EXERCISE AIM:
Only the lines containing "upright" should appear in the answer, copied from the listing below.

::: MATERIAL FOR THE TASK :::

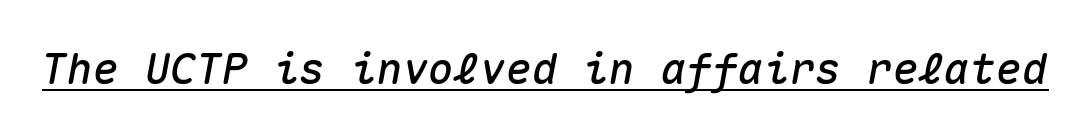
{"italic": "yes", "lean": "right", "slant_degrees": 10, "width": "normal", "stroke_contrast": "medium", "x_height": "medium", "monospaced": "yes", "underline": "yes", "letter_spacing": "normal", "letter_spacing_em": 0.0, "glyph_px": 43}
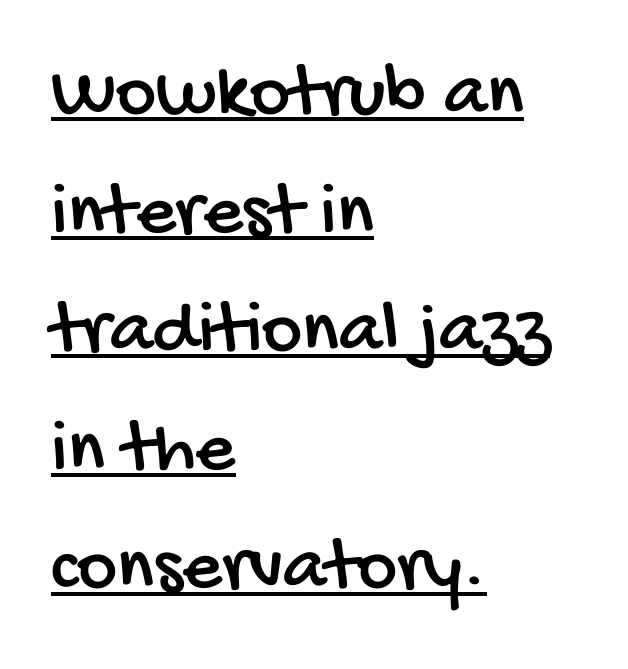
The lines sit at an ordinary, default distance from one another. A rule runs beneath these lines of type. Here the glyphs are tracked normally, forming tight word shapes. The designer went with a sans here, leaving each stem footless.
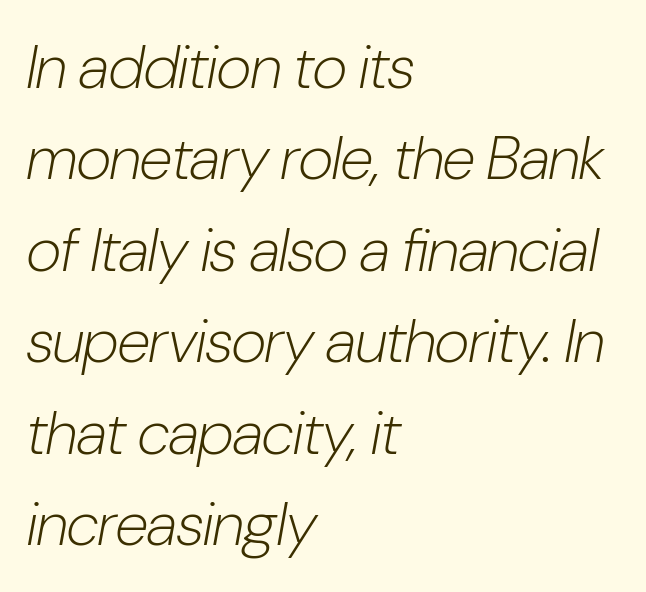
Looks like regular typesetting: each glyph gets only the width it needs. Underlining? Definitely not there. The compositor pushed each line to the left boundary. Observe the ordinary spacing: letters are neighbours, not strangers. Weight: in the light-to-regular range.
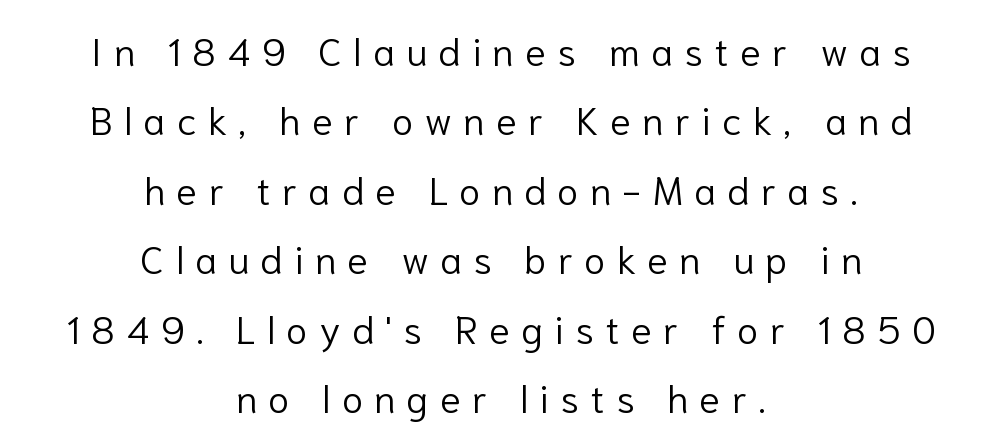
The image shows 39 px light sans-serif type, upright; set centered, line spacing 1.78x, unusually wide letter spacing (+0.29 em), not underlined; low stroke contrast and a medium x-height.
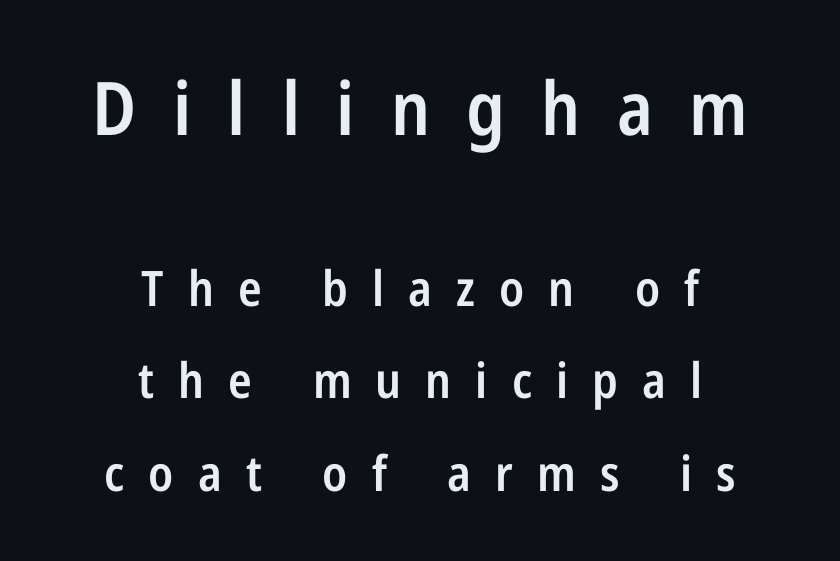
Q: Is the text bold? A: Semi-bold.
Q: Is the text italic (slanted)? A: No, it is upright.
Q: Is the typeface a serif or a sans-serif typeface? A: Sans-serif.
Q: Is the text underlined? A: No.
Q: How is the paragraph aligned? A: Centered.
Q: Is the spacing between letters normal or unusually wide? A: Unusually wide.
Q: Which block of text is set in a larger size, the first (top) or the second (bottom)? A: The first (top) one.
Q: Width (condensed, normal, or wide)? A: Condensed.
Q: Stroke contrast? A: Low.
Q: x-height? A: Medium.
Q: Monospaced? A: No.

:::

RESPONSE BELOW:
The image shows 39 px light sans-serif type, upright; set centered, line spacing 1.78x, unusually wide letter spacing (+0.29 em), not underlined; low stroke contrast and a medium x-height.
Q: Is the text italic (slanted)? A: No, it is upright.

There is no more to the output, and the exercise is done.